Exercise
Give back each line of the data exactly as it reads, minus the pictures.
---------- Source records
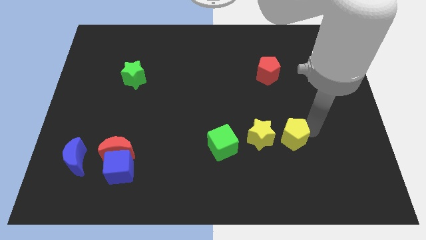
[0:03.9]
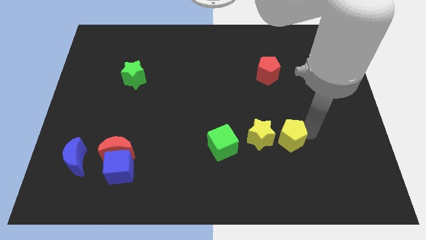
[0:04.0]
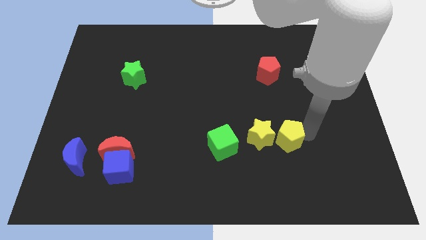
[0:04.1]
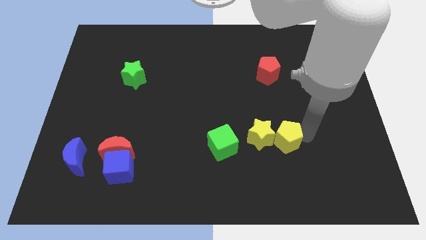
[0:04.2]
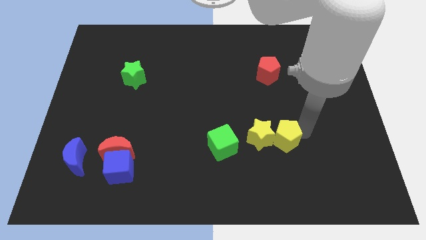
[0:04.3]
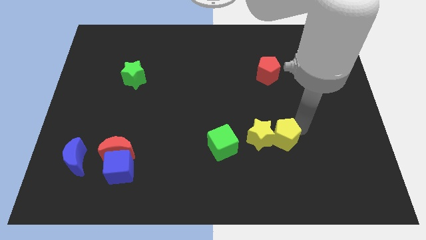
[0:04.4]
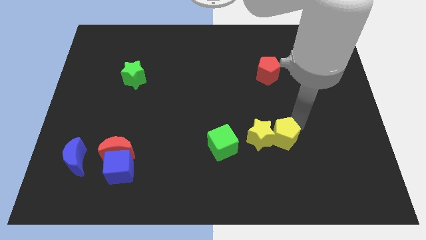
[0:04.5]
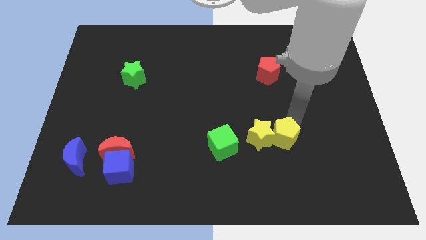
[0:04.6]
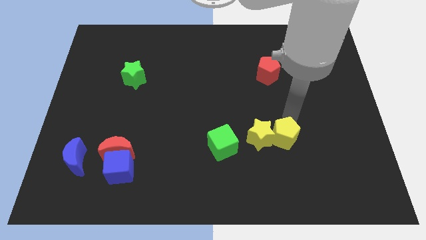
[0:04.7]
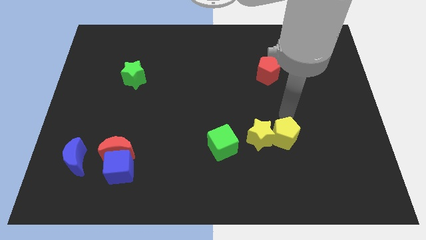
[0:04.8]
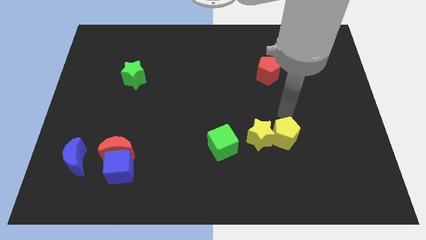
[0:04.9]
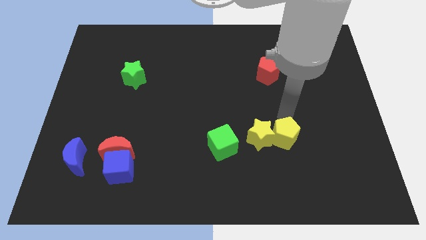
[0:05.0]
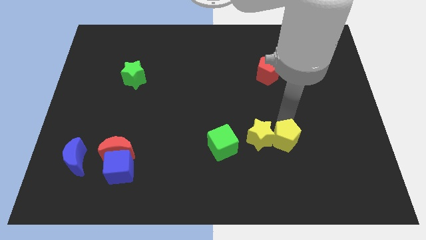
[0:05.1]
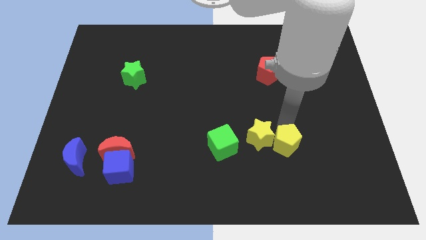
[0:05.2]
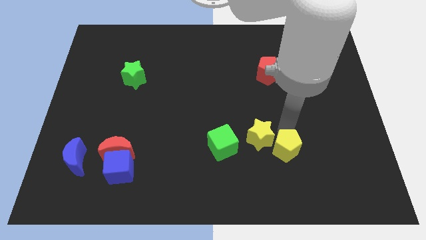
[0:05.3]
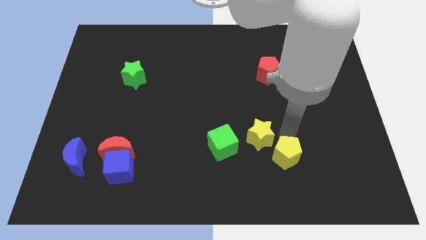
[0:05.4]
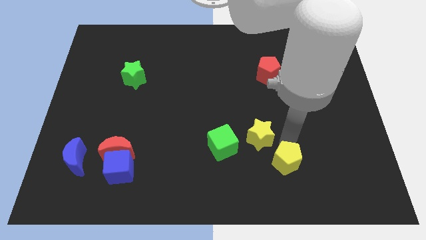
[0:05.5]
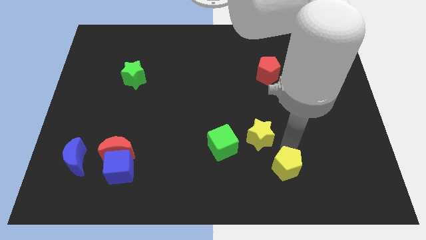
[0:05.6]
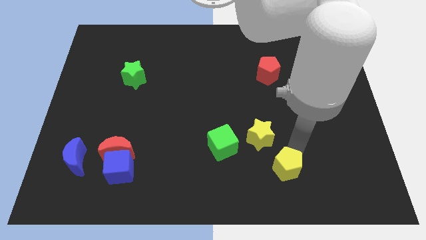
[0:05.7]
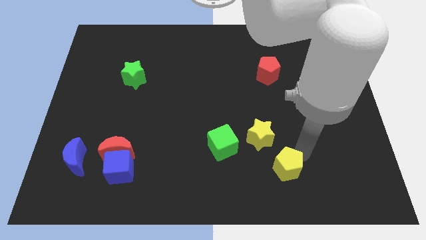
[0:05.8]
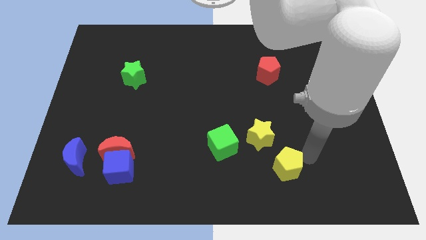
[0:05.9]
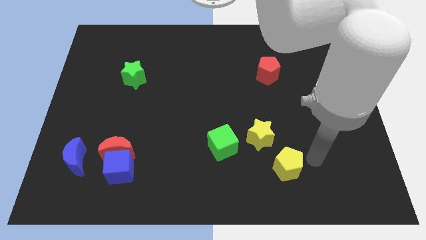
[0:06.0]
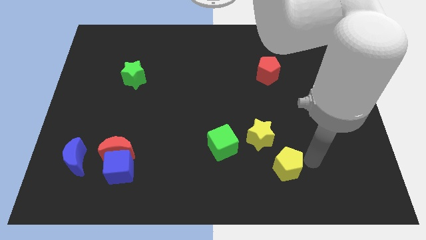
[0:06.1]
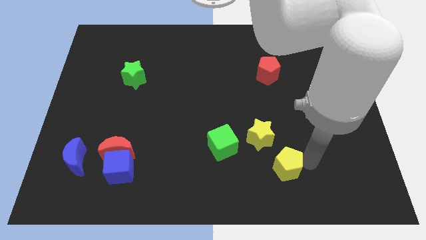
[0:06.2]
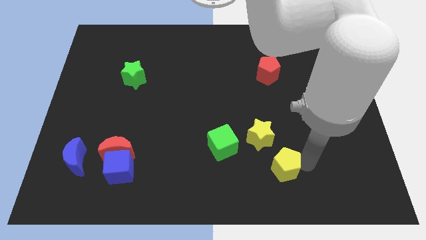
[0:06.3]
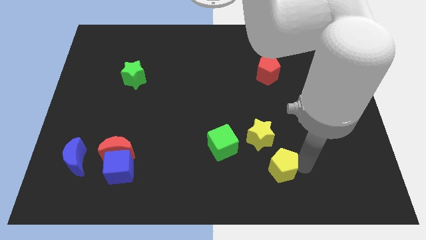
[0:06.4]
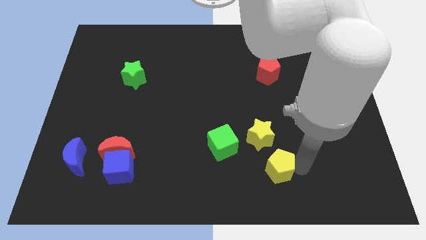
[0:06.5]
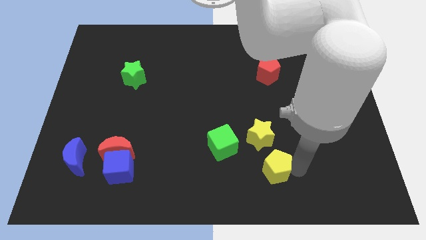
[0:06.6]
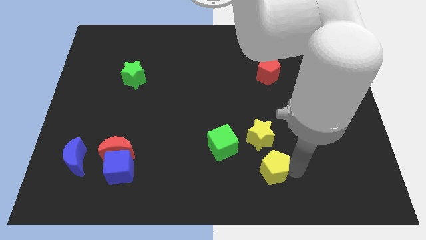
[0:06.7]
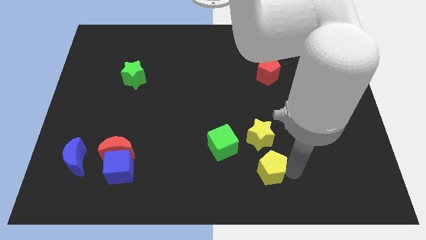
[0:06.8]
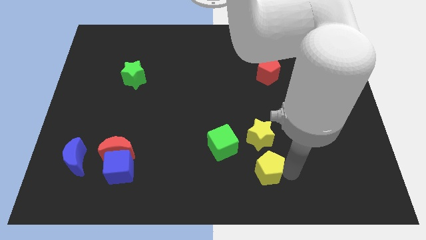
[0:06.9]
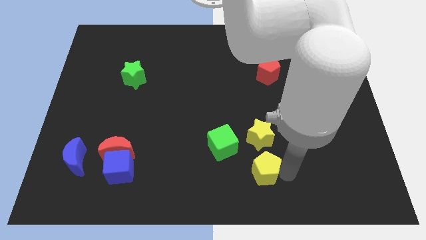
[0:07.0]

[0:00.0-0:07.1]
--------------------
Answer for the task
[0:03.9]
[0:04.0]
[0:04.1]
[0:04.2]
[0:04.3]
[0:04.4]
[0:04.5]
[0:04.6]
[0:04.7]
[0:04.8]
[0:04.9]
[0:05.0]
[0:05.1]
[0:05.2]
[0:05.3]
[0:05.4]
[0:05.5]
[0:05.6]
[0:05.7]
[0:05.8]
[0:05.9]
[0:06.0]
[0:06.1]
[0:06.2]
[0:06.3]
[0:06.4]
[0:06.5]
[0:06.6]
[0:06.7]
[0:06.8]
[0:06.9]
[0:07.0]

[0:00.0-0:07.1]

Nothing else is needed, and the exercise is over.